So my question is why does it matter if I retrieve information from the beginning or the end of the file and how do I overcome this in order to get instant access to information from the end of the file without slowing down and increasing buff/cache memory use.
PS - some numbers and sizes: so I got ~100 files each about 1GB in size, when I limit the indices to be from the 0%-10% of the file it runs fine, but when I allow the index to be anywhere in the file it stops working.
Code - tested on linux and windows with python 3.5, requires 10 GB of storage (creates 3 files with random strings inside 3GB each)
import os, errno, sys
import random, time
import mmap
def create_binary_test_file():
print("Creating files with 3,000,000,000 characters, takes a few seconds...")
test_binary_file1 = open("test_binary_file1.testbin", "wb")
test_binary_file2 = open("test_binary_file2.testbin", "wb")

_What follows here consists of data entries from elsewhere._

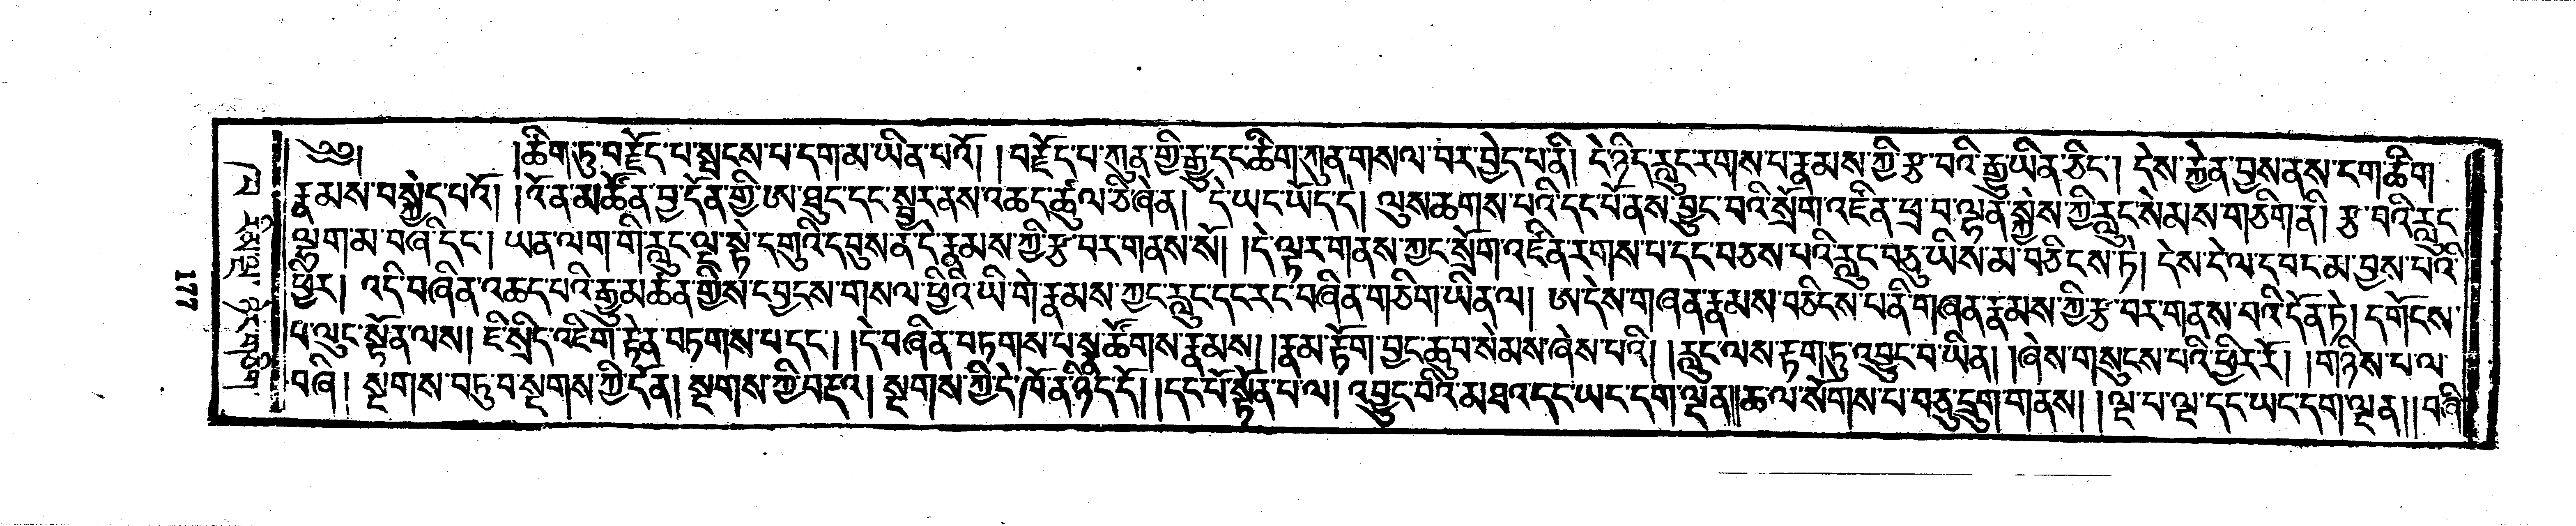༄༅། །ཚིག་ཏུ་བརྗོད་པ་སྤངས་པ་དག་མ་ཡིན་པའོ། །བརྗོད་པ་ཀུན་གྱི་རྒྱུ་དང་ཚིག་ཀུན་གསལ་བར་བྱེད་པ་ནི། དེ་ཉིད་རླུང་རགས་པ་རྣམས་ཀྱི་རྩ་བའི་རྒྱུ་ཡིན་ཅིང་། དེས་རྐྱེན་བྱས་ནས་ངག་ཚིག་
རྣམས་བསྐྱེད་པའོ། །འོ་ན་མཚོན་བྱ་དོན་གྱི་ཨ་ཐུང་དང་སྦྱར་ནས་འཆད་ཚུལ་ཅི་ཞེ་ན། དེ་ཡང་ཡོད་དེ། ལུས་ཆགས་པའི་དང་པོ་ནས་བྱུང་བའི་སྲོག་འཛིན་ཕྲ་བ་ལྷན་སྐྱེས་ཀྱི་རླུང་སེམས་གཅིག་ནི། རྩ་བའི་རླུང་
ལྷག་མ་བཞི་དང་། ཡན་ལག་གི་རླུང་ལྔ་སྟེ་དགུའི་དབུས་ན་དེ་རྣམས་ཀྱི་རྩ་བར་གནས་སོ། །དེ་ལྟར་གནས་ཀྱང་སྲོག་འཛིན་རགས་པ་དང་བཅས་པའི་རླུང་བཅུ་ཡིས་མ་བཅིངས་ཏེ། དེས་དེ་ལ་དབང་མ་བྱས་པའི་
ཕྱིར། འདི་བཞིན་འཆད་པའི་རྒྱུ་མཚན་གྱིས་དབྱངས་གསལ་ཕྱིའི་ཡི་གེ་རྣམས་ཀྱང་རླུང་དང་རང་བཞིན་གཅིག་ཡིན་ལ། ཨ་དེས་གཞན་རྣམས་བཅིངས་པ་ནི་གཞན་རྣམས་ཀྱི་རྩ་བར་གནས་པའི་དོན་ཏེ། དགོངས་
པ་ལུང་སྟོན་ལས། ཇི་སྲིད་འཇིག་རྟེན་བཏགས་པ་དང་། །དེ་བཞིན་བཏགས་པ་སྣ་ཚོགས་རྣམས། །རྣམ་རྟོག་བྱང་ཆུབ་སེམས་ཞེས་པའི། །རླུང་ལས་རྟག་ཏུ་འབྱུང་བ་ཡིན། །ཞེས་གསུངས་པའི་ཕྱིར་རོ། །གཉིས་པ་ལ་
བཞི། སྔགས་བཏུ་བ་སྔགས་ཀྱི་དོན། སྔགས་ཀྱི་བརྡའ། སྔགས་ཀྱི་དེ་ཁོ་ན་ཉིད་དོ། །དང་པོ་སྟོན་པ་ལ། འབྱུང་བའི་མཐའ་དང་ཡང་དག་ལྡན། །ཆ་ལ་སོགས་པ་བཅུ་དྲུག་གནས། །ལྔ་པ་ལྔ་དང་ཡང་དག་ལྡན། །བཞི་

test_binary_file3 = open("test_binary_file3.testbin", "wb")
for i in range(1000):
if i % 100 == 0 :
print("progress - ", i/10, " % ")
# efficiently create random strings and write to files
tbl = bytes.maketrans(bytearray(range(256)),
bytearray([ord(b'a') + b % 26 for b in range(256)]))
random_string = (os.urandom(3000000).translate(tbl))
test_binary_file1.write(str(random_string).encode('utf-8'))
test_binary_file2.write(str(random_string).encode('utf-8'))
test_binary_file3.write(str(random_string).encode('utf-8'))
test_binary_file1.close()
test_binary_file2.close()
test_binary_file3.close()
print("Created binary file for testing.The file contains 3,000,000,000 characters")
# Opening binary test file
try:
binary_file = open("test_binary_file1.testbin", "r+b")
except OSError as e: # this would be "except OSError, e:" before Python 2.6
if e.errno == errno.ENOENT: # errno.ENOENT = no such file or directory
create_binary_test_file()
binary_file = open("test_binary_file1.testbin", "r+b")
## example of use - perform 100 times, in each itteration: open one of the binary files and retrieve 5,000 sample strings
## (if code runs fast and without a slowdown - increase the k or other numbers and it should reproduce the problem)
## Example 1 - getting information from start of file
print("Getting information from start of file")
etime = []
for i in range(100):
start = time.time()
binary_file_mm = mmap.mmap(binary_file.fileno(), 0)
sample_index_list = random.sample(range(1,100000-1000), k=50000)
sampled_data = [[binary_file_mm[v:v+1000].decode("utf-8")] for v in sample_index_list]
binary_file_mm.close()
binary_file.close()
file_number = random.randint(1, 3)
binary_file = open("test_binary_file" + str(file_number) + ".testbin", "r+b")
etime.append((time.time() - start))
if i % 10 == 9 :
print("Iter ", i, " \tAverage time - ", '%.5f' % (sum(etime[-9:]) / len(etime[-9:])))
binary_file.close()
## Example 2 - getting information from all of the file
print("Getting information from all of the file")
binary_file = open("test_binary_file1.testbin", "r+b")
etime = []
for i in range(100):
start = time.time()
binary_file_mm = mmap.mmap(binary_file.fileno(), 0)
sample_index_list = random.sample(range(1,3000000000-1000), k=50000)
sampled_data = [[binary_file_mm[v:v+1000].decode("utf-8")] for v in sample_index_list]
binary_file_mm.close()
binary_file.close()
file_number = random.randint(1, 3)
binary_file = open("test_binary_file" + str(file_number) + ".testbin", "r+b")
etime.append((time.time() - start))
if i % 10 == 9 :
print("Iter ", i, " \tAverage time - ", '%.5f' % (sum(etime[-9:]) / len(etime[-9:])))
binary_file.close()
My results: (The average time of getting information from all across the file is almost 4 times slower than getting information from the beginning, with ~100 files and parallel computing this difference gets much bigger)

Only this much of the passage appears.